Best DNS Service With API Access?
netaustin writes "My company runs quite a few media websites, mostly on Drupal, and about half on ec2. We have a good server setup with ec2 which allows us to route requests through Pound, a cluster of Varnish servers, then a cluster of Apache servers. We manage 50 domains (one per state) like this. Problem is, anytime things change, we have to manually adjust DNS for all 50 states, which is very boring and usually causes negative side effects too as we can't ever adjust all 50 DNS entries at once. We'd like to just change DNS providers and be done with it, but there are a lot of options, and I don't often shop for DNS services.
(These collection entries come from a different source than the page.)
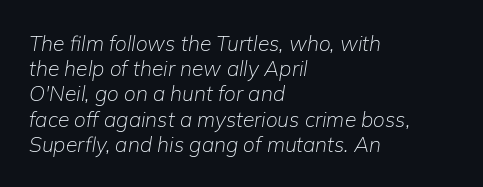
The image shows 21 px text type, italic (leaning right); set left-aligned, line spacing 1.2x, normal letter spacing, not underlined.
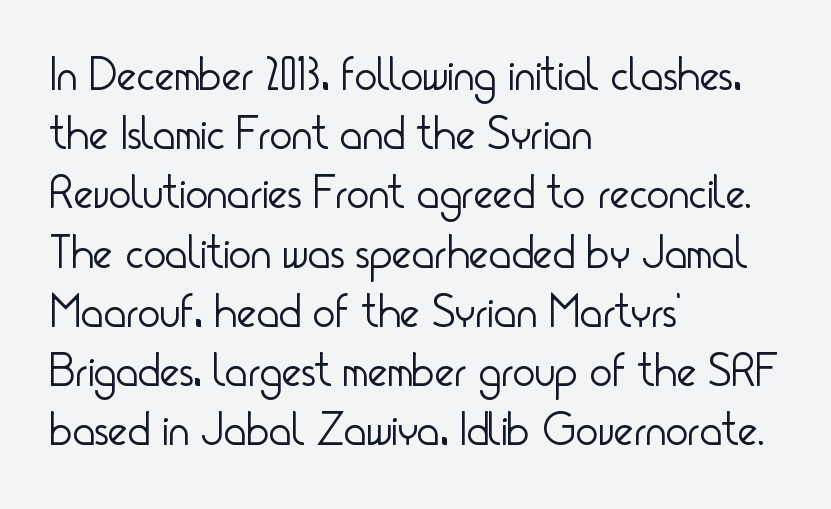
Stems here are at most as thick as an everyday book face. The letters stand straight up with perfectly vertical stems. The space between consecutive lines is moderate. The compositor pushed each line to the left boundary. Varying glyph widths throughout — classic text-font behaviour.
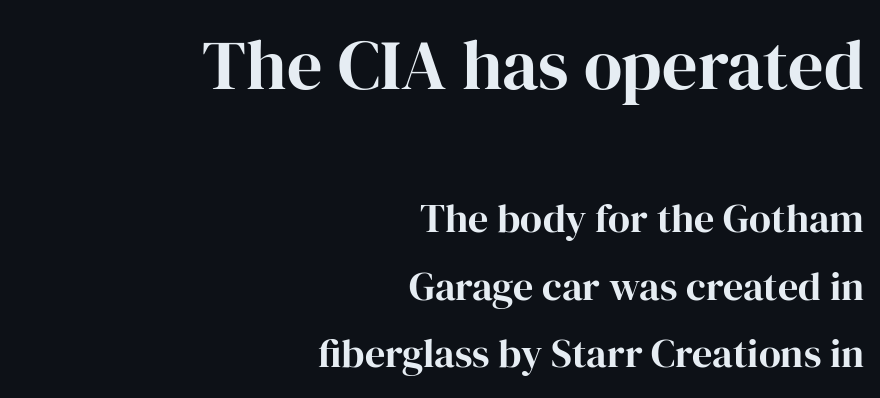
Here the first block reads like a headline and the second like body copy. Compared with an ordinary text face, these strokes are far heavier — a full bold. Observe the serifs anchoring each vertical stroke in this sample. The space beneath each line is pristine and unruled.
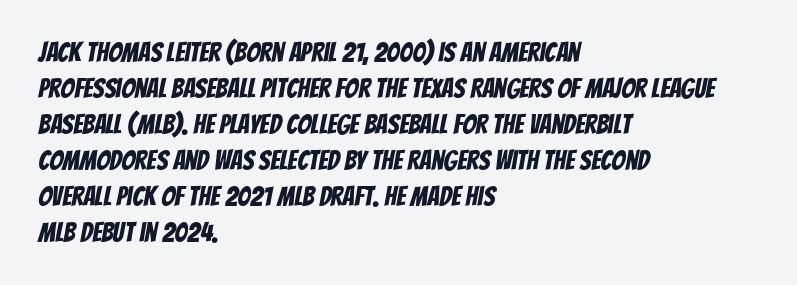
Nobody touched the tracking dial on this one. Which margin do the lines hug? The left one — the right edge is uneven. The passage shown is not underscored anywhere. Compared with typical paragraphs, the rows here are spaced about the same.

I use EveryDNS for my personal domains, but I don't think they provide an API and it'd feel a little dishonest to reverse engineer the forms on their site since they're an esteemed donations-based service. I wouldn't feel bad about doing that to DNSPark, but they have a CAPTCHA image accompanying their login form, so goodbye DNSPark. I found a couple services that seem to do what I'm looking for, but they both feel a bit Microsoft-y and since I only want to change once, I want to get this right. Advice?"
DynDNS.
That was easy.
Potato chips are a by-yourself food.
Why not run your own??
How about running your own master DNS server, and having your provider slave from that.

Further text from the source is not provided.